Discovery of antiferromagnetic quasicrystals

A joint research group led by Professor Ryuji Tamura from the Faculty of Advanced Engineering at Tokyo University of Science, Graduate Student Takaki Abe from the Graduate School of Advanced Engineering at the same university, Professor Taku J. Sato from the Institute of Multidisciplinary Research for Advanced Materials at Tohoku University, and Professor Maxim Avdeev from the Australian Nuclear Science and Technology Organisation (ANSTO) has demonstrated that the icosahedral quasicrystal Au₅₆In_28.5Eu_15.5 exhibits antiferromagnetism. Their findings were published in Nature Physics.

Quasicrystals are characterized by their orderly atomic arrangements without periodicity. Since the discovery of quasicrystals in 1984, there had been no reports of long-range magnetic order in quasicrystals. In 2021, the research group successfully synthesized ferromagnetic quasicrystals, which had a significant impact worldwide. However, the existence of antiferromagnetic quasicrystals remained theoretically uncertain and had been a long-standing mystery. The research group took on this half-century-old challenge to clarify the existence of antiferromagnetic quasicrystals.

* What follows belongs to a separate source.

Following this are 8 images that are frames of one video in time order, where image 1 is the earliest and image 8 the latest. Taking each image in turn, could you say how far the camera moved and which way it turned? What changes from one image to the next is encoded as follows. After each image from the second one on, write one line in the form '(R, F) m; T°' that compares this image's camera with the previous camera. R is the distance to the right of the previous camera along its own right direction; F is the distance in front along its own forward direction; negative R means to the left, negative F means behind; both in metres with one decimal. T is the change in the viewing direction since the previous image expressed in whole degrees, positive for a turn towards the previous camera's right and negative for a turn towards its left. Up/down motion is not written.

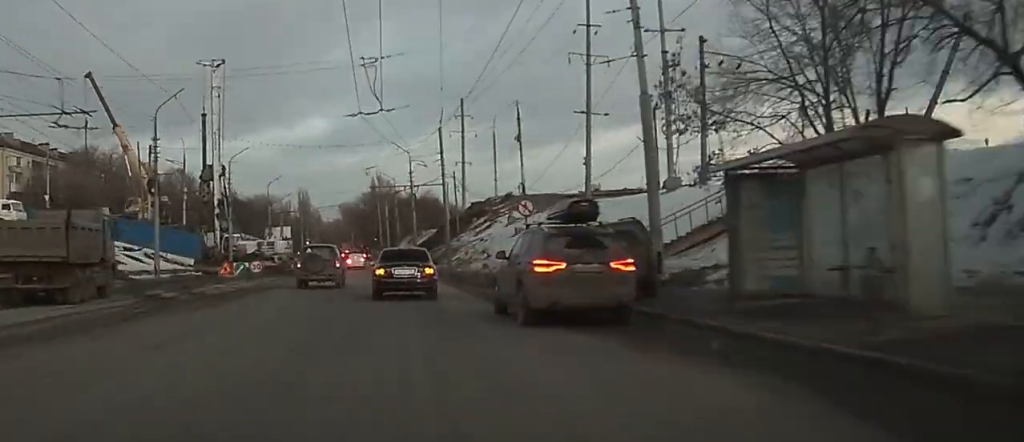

In their research, powder X-ray analysis revealed that Au₅₆In_28.5Eu_15.5 is a Tsai-type icosahedral quasicrystal. Magnetization measurements of Au₅₆In_28.5Eu_15.5 showed a sharp cusp (maximum) at a Néel temperature of 6.5 K, and metamagnetic transitions were observed below the Néel temperature, suggesting an antiferromagnetic transition. Furthermore, powder neutron diffraction confirmed the presence of magnetic Bragg reflections below the Néel temperature, providing evidence for antiferromagnetic order. This significant achievement opens up a new research field of antiferromagnetic quasicrystals in condensed-matter physics.

Journal Information
Publication: Nature Physics
Title: Observation of antiferromagnetic order in a quasicrystal
DOI: 10.1038/s41567-025-02858-0